__Data for the task__
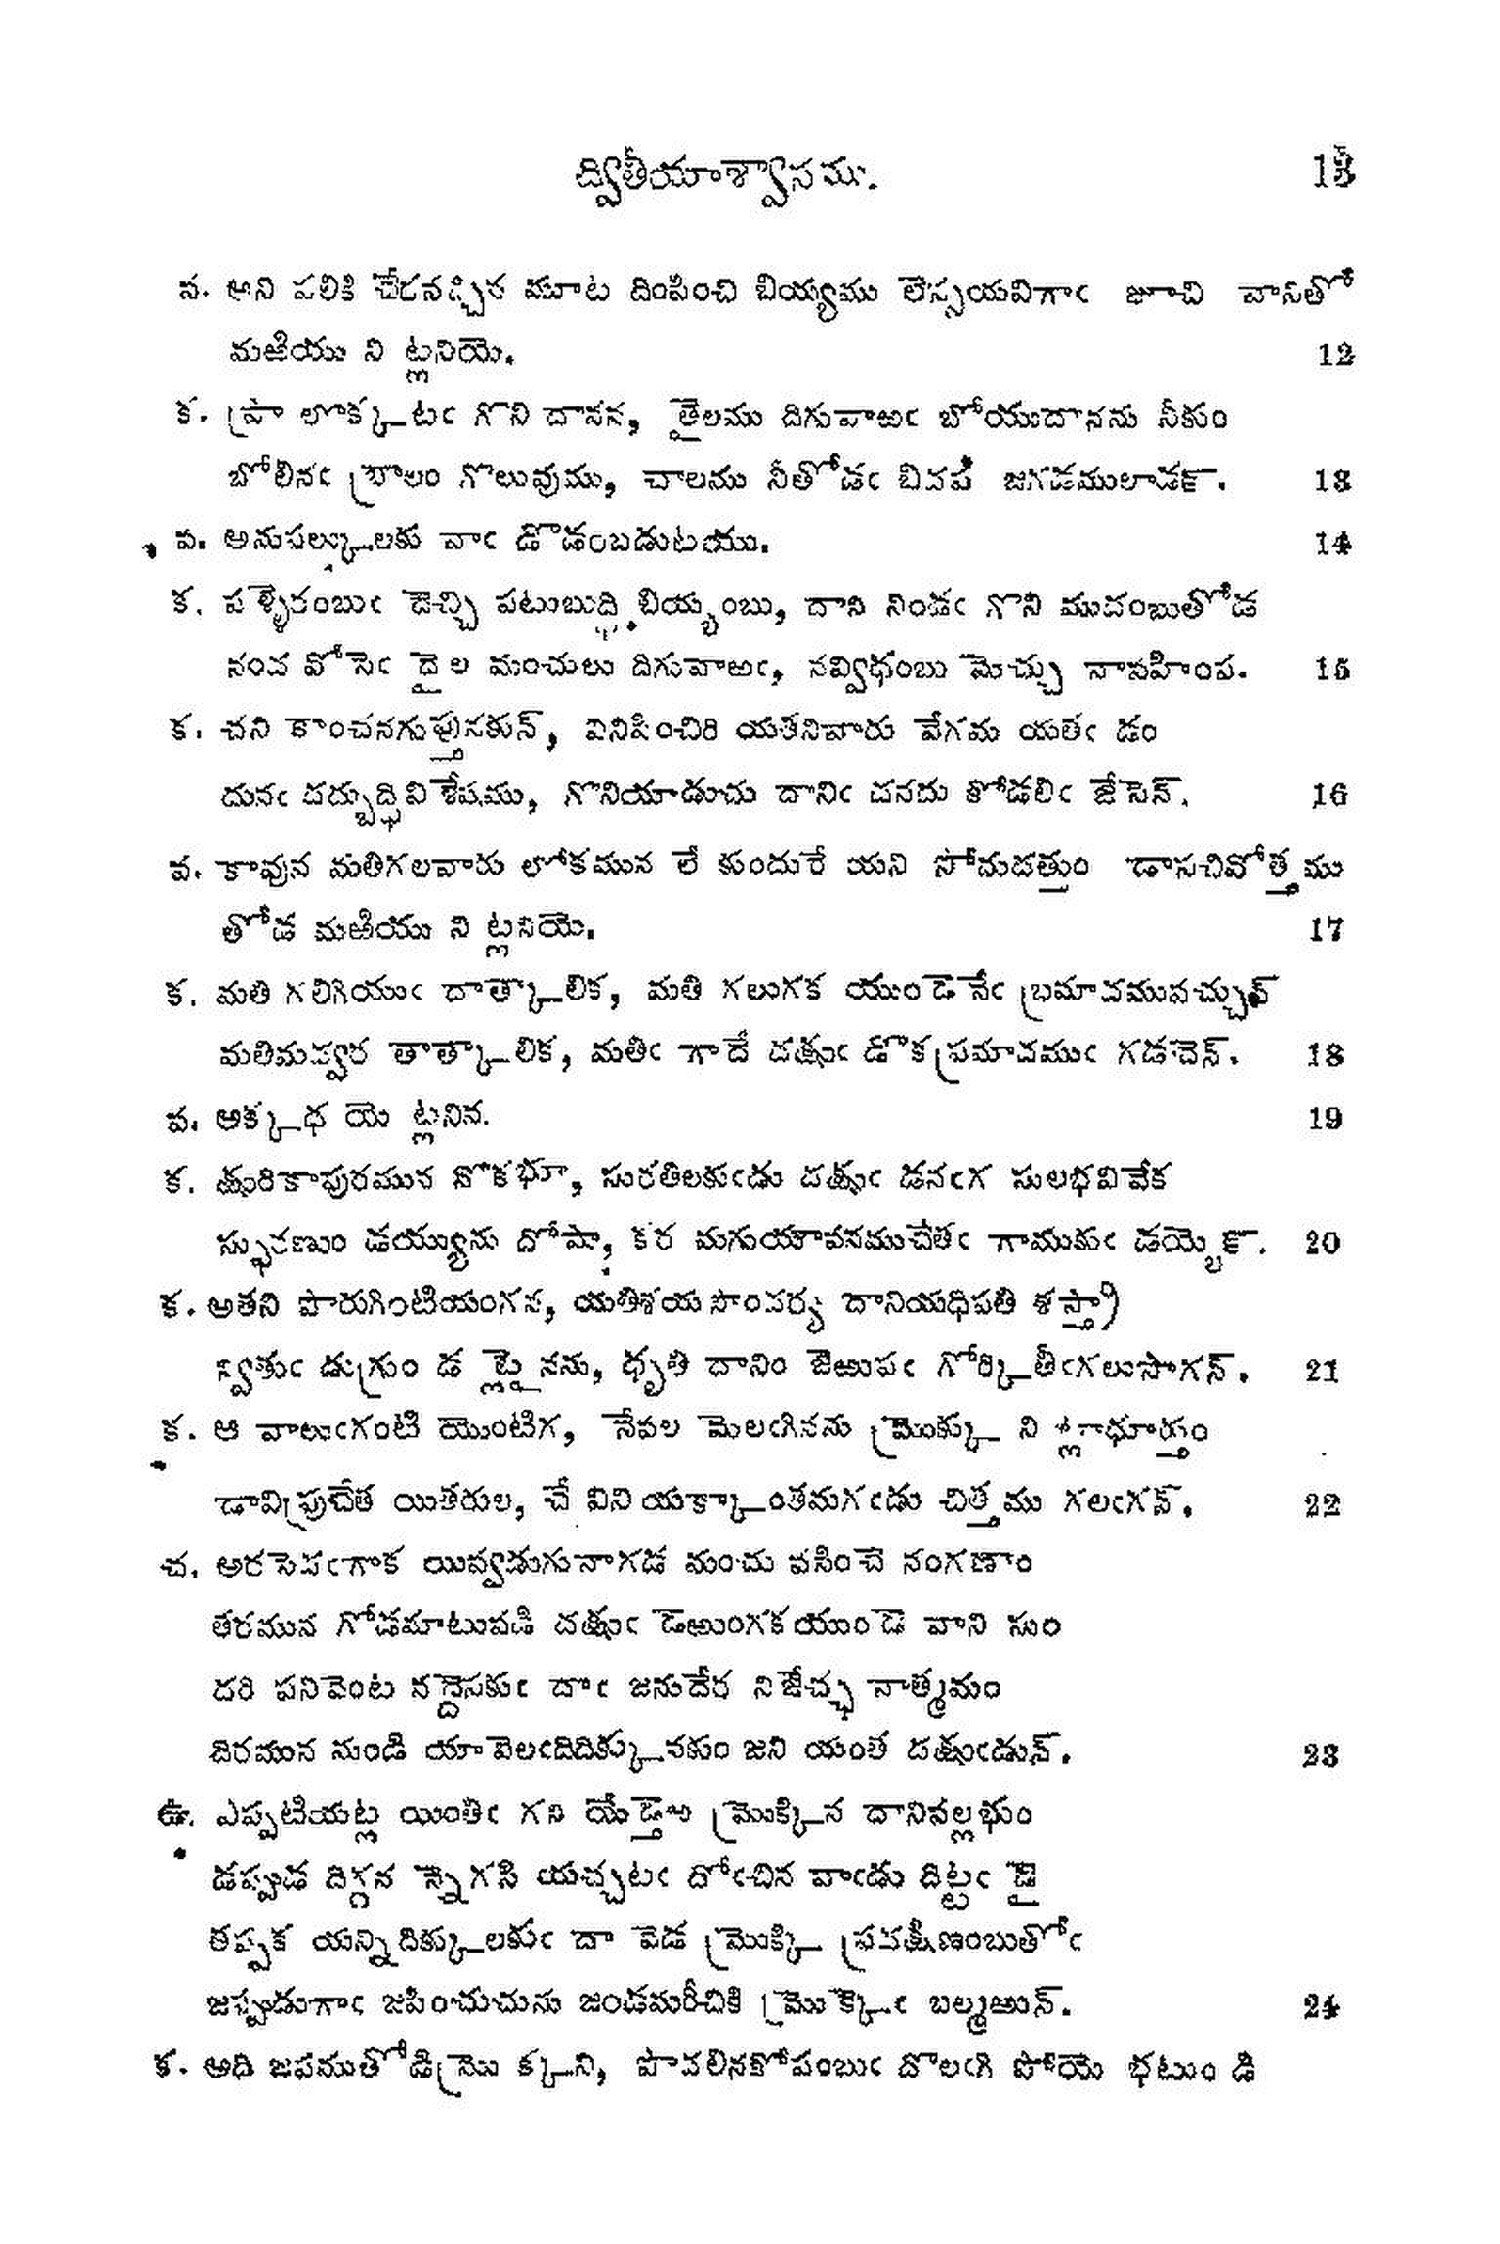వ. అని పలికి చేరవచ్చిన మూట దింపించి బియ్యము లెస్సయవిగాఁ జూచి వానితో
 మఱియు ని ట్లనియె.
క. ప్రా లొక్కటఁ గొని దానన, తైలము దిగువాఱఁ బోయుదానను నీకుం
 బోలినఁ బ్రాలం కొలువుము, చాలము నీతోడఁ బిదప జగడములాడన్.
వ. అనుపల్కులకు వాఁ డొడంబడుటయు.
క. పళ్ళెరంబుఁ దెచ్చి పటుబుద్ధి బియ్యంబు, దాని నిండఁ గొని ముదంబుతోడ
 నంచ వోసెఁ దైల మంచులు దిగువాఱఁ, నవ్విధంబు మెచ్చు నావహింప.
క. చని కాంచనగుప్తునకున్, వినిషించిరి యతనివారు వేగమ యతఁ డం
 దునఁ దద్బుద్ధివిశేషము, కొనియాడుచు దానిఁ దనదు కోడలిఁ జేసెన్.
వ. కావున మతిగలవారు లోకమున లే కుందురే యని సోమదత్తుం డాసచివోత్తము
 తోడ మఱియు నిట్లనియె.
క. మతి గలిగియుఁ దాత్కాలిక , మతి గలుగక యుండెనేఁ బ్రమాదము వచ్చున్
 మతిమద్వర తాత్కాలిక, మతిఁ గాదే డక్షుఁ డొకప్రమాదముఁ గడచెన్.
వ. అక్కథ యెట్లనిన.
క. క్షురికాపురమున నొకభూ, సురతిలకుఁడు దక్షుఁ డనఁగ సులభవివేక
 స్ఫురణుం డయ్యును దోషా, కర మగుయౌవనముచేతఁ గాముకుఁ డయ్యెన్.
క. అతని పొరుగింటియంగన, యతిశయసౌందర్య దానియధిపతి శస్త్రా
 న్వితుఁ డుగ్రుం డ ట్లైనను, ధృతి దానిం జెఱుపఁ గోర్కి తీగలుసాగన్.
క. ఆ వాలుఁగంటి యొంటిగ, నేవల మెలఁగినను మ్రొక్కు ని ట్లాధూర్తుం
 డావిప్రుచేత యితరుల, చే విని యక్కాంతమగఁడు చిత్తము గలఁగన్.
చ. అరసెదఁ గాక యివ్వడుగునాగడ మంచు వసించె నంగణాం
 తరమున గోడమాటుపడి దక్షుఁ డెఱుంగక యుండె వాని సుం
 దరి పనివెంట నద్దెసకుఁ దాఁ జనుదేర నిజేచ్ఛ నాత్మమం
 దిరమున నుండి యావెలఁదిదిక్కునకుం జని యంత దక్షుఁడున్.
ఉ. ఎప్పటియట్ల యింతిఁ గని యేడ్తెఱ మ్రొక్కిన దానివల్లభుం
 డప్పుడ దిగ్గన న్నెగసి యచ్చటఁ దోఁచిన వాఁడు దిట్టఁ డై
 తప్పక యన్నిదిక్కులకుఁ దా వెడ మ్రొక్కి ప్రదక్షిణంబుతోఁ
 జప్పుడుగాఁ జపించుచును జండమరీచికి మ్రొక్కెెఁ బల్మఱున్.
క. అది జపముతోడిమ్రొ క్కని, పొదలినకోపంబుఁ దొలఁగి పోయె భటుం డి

__Your instructions__
Except for the pictures, set down all of the records exactly.

__Exercise solution__
వ. అని పలికి చేరవచ్చిన మూట దింపించి బియ్యము లెస్సయవిగాఁ జూచి వానితో
 మఱియు ని ట్లనియె.
క. ప్రా లొక్కటఁ గొని దానన, తైలము దిగువాఱఁ బోయుదానను నీకుం
 బోలినఁ బ్రాలం కొలువుము, చాలము నీతోడఁ బిదప జగడములాడన్.
వ. అనుపల్కులకు వాఁ డొడంబడుటయు.
క. పళ్ళెరంబుఁ దెచ్చి పటుబుద్ధి బియ్యంబు, దాని నిండఁ గొని ముదంబుతోడ
 నంచ వోసెఁ దైల మంచులు దిగువాఱఁ, నవ్విధంబు మెచ్చు నావహింప.
క. చని కాంచనగుప్తునకున్, వినిషించిరి యతనివారు వేగమ యతఁ డం
 దునఁ దద్బుద్ధివిశేషము, కొనియాడుచు దానిఁ దనదు కోడలిఁ జేసెన్.
వ. కావున మతిగలవారు లోకమున లే కుందురే యని సోమదత్తుం డాసచివోత్తము
 తోడ మఱియు నిట్లనియె.
క. మతి గలిగియుఁ దాత్కాలిక , మతి గలుగక యుండెనేఁ బ్రమాదము వచ్చున్
 మతిమద్వర తాత్కాలిక, మతిఁ గాదే డక్షుఁ డొకప్రమాదముఁ గడచెన్.
వ. అక్కథ యెట్లనిన.
క. క్షురికాపురమున నొకభూ, సురతిలకుఁడు దక్షుఁ డనఁగ సులభవివేక
 స్ఫురణుం డయ్యును దోషా, కర మగుయౌవనముచేతఁ గాముకుఁ డయ్యెన్.
క. అతని పొరుగింటియంగన, యతిశయసౌందర్య దానియధిపతి శస్త్రా
 న్వితుఁ డుగ్రుం డ ట్లైనను, ధృతి దానిం జెఱుపఁ గోర్కి తీగలుసాగన్.
క. ఆ వాలుఁగంటి యొంటిగ, నేవల మెలఁగినను మ్రొక్కు ని ట్లాధూర్తుం
 డావిప్రుచేత యితరుల, చే విని యక్కాంతమగఁడు చిత్తము గలఁగన్.
చ. అరసెదఁ గాక యివ్వడుగునాగడ మంచు వసించె నంగణాం
 తరమున గోడమాటుపడి దక్షుఁ డెఱుంగక యుండె వాని సుం
 దరి పనివెంట నద్దెసకుఁ దాఁ జనుదేర నిజేచ్ఛ నాత్మమం
 దిరమున నుండి యావెలఁదిదిక్కునకుం జని యంత దక్షుఁడున్.
ఉ. ఎప్పటియట్ల యింతిఁ గని యేడ్తెఱ మ్రొక్కిన దానివల్లభుం
 డప్పుడ దిగ్గన న్నెగసి యచ్చటఁ దోఁచిన వాఁడు దిట్టఁ డై
 తప్పక యన్నిదిక్కులకుఁ దా వెడ మ్రొక్కి ప్రదక్షిణంబుతోఁ
 జప్పుడుగాఁ జపించుచును జండమరీచికి మ్రొక్కెెఁ బల్మఱున్.
క. అది జపముతోడిమ్రొ క్కని, పొదలినకోపంబుఁ దొలఁగి పోయె భటుం డి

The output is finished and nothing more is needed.